# RECORD EXCERPTS:
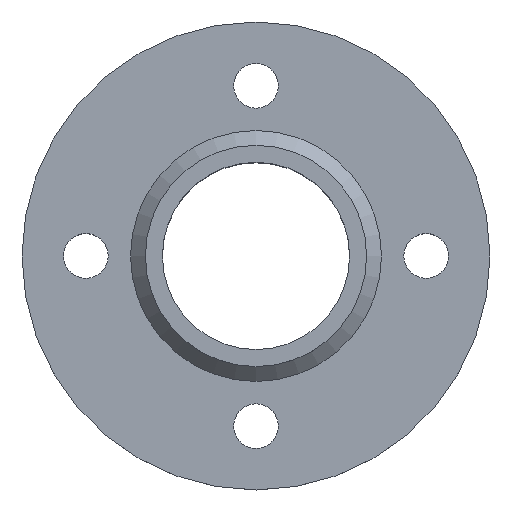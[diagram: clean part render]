
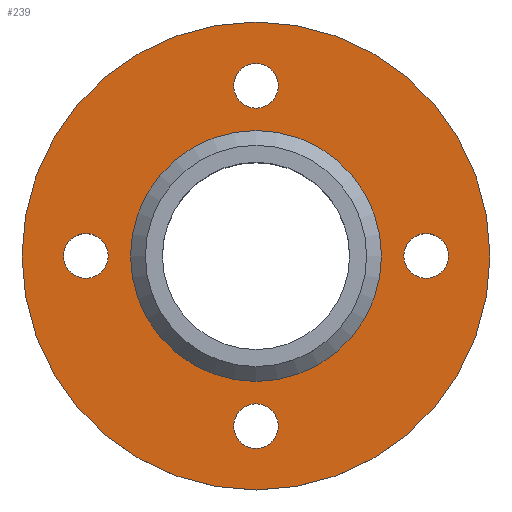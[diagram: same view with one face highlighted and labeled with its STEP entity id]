
A CAD part, top view. The second image highlights one B-rep face of the part: STEP entity #239.
In plain terms, the highlighted planar face has unit normal (0, 0, 1).
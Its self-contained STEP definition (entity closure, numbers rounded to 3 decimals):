
#84=CARTESIAN_POINT('',(5.25,-40.0,-6.));
#85=VERTEX_POINT('',#84);
#86=CARTESIAN_POINT('',(0.,-40.0,-6.));
#87=DIRECTION('',(0.0,0.0,-1.0));
#88=DIRECTION('',(1.0,0.0,0.0));
#89=AXIS2_PLACEMENT_3D('',#86,#87,#88);
#90=CIRCLE('',#89,5.25);
#91=EDGE_CURVE('',#85,#85,#90,.T.);
#112=CARTESIAN_POINT('',(5.25,40.0,-6.));
#113=VERTEX_POINT('',#112);
#114=CARTESIAN_POINT('',(0.0,40.0,-6.));
#115=DIRECTION('',(0.0,0.0,-1.0));
#116=DIRECTION('',(1.0,0.0,0.0));
#117=AXIS2_PLACEMENT_3D('',#114,#115,#116);
#118=CIRCLE('',#117,5.25);
#119=EDGE_CURVE('',#113,#113,#118,.T.);
#140=CARTESIAN_POINT('',(45.25,0.,-6.));
#141=VERTEX_POINT('',#140);
#142=CARTESIAN_POINT('',(40.0,0.,-6.));
#143=DIRECTION('',(0.0,0.0,-1.0));
#144=DIRECTION('',(1.0,0.0,0.0));
#145=AXIS2_PLACEMENT_3D('',#142,#143,#144);
#146=CIRCLE('',#145,5.25);
#147=EDGE_CURVE('',#141,#141,#146,.T.);
#168=CARTESIAN_POINT('',(-34.75,0.,-6.));
#169=VERTEX_POINT('',#168);
#170=CARTESIAN_POINT('',(-40.0,0.,-6.));
#171=DIRECTION('',(0.0,0.0,-1.0));
#172=DIRECTION('',(1.0,0.0,0.0));
#173=AXIS2_PLACEMENT_3D('',#170,#171,#172);
#174=CIRCLE('',#173,5.25);
#175=EDGE_CURVE('',#169,#169,#174,.T.);
#185=CARTESIAN_POINT('',(29.5,0.,-6.));
#186=VERTEX_POINT('',#185);
#187=CARTESIAN_POINT('',(0.0,0.0,-6.));
#188=DIRECTION('',(0.0,0.0,1.0));
#189=DIRECTION('',(-1.0,0.0,0.0));
#190=AXIS2_PLACEMENT_3D('',#187,#188,#189);
#191=CIRCLE('',#190,29.5);
#192=EDGE_CURVE('',#186,#186,#191,.T.);
#208=CARTESIAN_POINT('',(0.,0.0,-6.));
#209=DIRECTION('',(0.0,0.0,1.0));
#210=DIRECTION('',(1.0,0.0,0.0));
#211=AXIS2_PLACEMENT_3D('',#208,#209,#210);
#212=PLANE('',#211);
#213=CARTESIAN_POINT('',(55.0,0.,-6.));
#214=VERTEX_POINT('',#213);
#215=CARTESIAN_POINT('',(0.0,0.0,-6.));
#216=DIRECTION('',(0.0,0.0,1.0));
#217=DIRECTION('',(-1.0,0.0,0.0));
#218=AXIS2_PLACEMENT_3D('',#215,#216,#217);
#219=CIRCLE('',#218,55.0);
#220=EDGE_CURVE('',#214,#214,#219,.T.);
#221=ORIENTED_EDGE('',*,*,#220,.T.);
#222=EDGE_LOOP('',(#221));
#223=FACE_OUTER_BOUND('',#222,.T.);
#224=ORIENTED_EDGE('',*,*,#91,.T.);
#225=EDGE_LOOP('',(#224));
#226=FACE_BOUND('',#225,.T.);
#227=ORIENTED_EDGE('',*,*,#119,.T.);
#228=EDGE_LOOP('',(#227));
#229=FACE_BOUND('',#228,.T.);
#230=ORIENTED_EDGE('',*,*,#147,.T.);
#231=EDGE_LOOP('',(#230));
#232=FACE_BOUND('',#231,.T.);
#233=ORIENTED_EDGE('',*,*,#175,.T.);
#234=EDGE_LOOP('',(#233));
#235=FACE_BOUND('',#234,.T.);
#236=ORIENTED_EDGE('',*,*,#192,.F.);
#237=EDGE_LOOP('',(#236));
#238=FACE_BOUND('',#237,.T.);
#239=ADVANCED_FACE('',(#223,#226,#229,#232,#235,#238),#212,.T.);
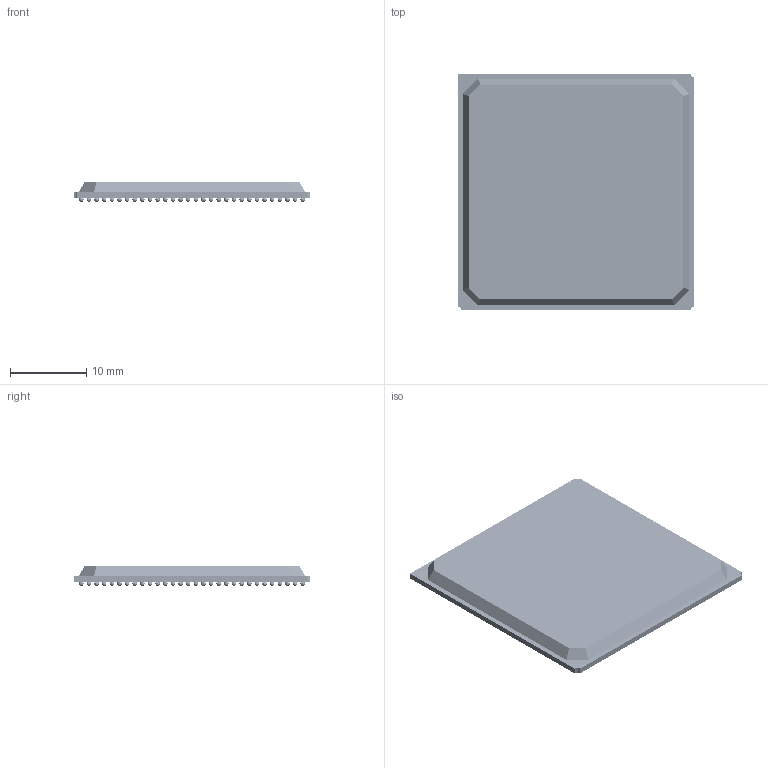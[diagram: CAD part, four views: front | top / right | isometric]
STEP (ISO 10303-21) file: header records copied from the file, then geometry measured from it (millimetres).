
FILE_DESCRIPTION((''),'2;1');
FILE_NAME('BGA896C100P30X30_3100X3100X260.stp','2011-07-07T15:55:45',(''),(''),'Mechanical Desktop 2011','Mechanical Desktop 2011',', , ');
FILE_SCHEMA(('AUTOMOTIVE_DESIGN { 1 2 10303 214 1 1 1 1 }'));
Length unit declared in the file: millimetre
Products named in the file (1): Product
Bounding box: 31 x 31 x 2.6 mm (x, y, z)
Volume: 1935 mm3; surface area: 4833.6 mm2
Topology: 898 solids, 898 shells, 2707 faces, 6317 edges, 2718 vertices
Faces by surface type: sphere 1792, plane 912, cylinder 3
Entity records: 53467 total; most frequent: DIRECTION 10843, CARTESIAN_POINT 8159, ORIENTED_EDGE 5466, AXIS2_PLACEMENT_3D 5402, EDGE_LOOP 3603, EDGE_CURVE 2733, VERTEX_POINT 2718, FACE_OUTER_BOUND 2707

# TASK BRIEF:
Read each line of the data and count the ones that include "CIRCLE", answering with the number alone.

# TASK ANSWER:
6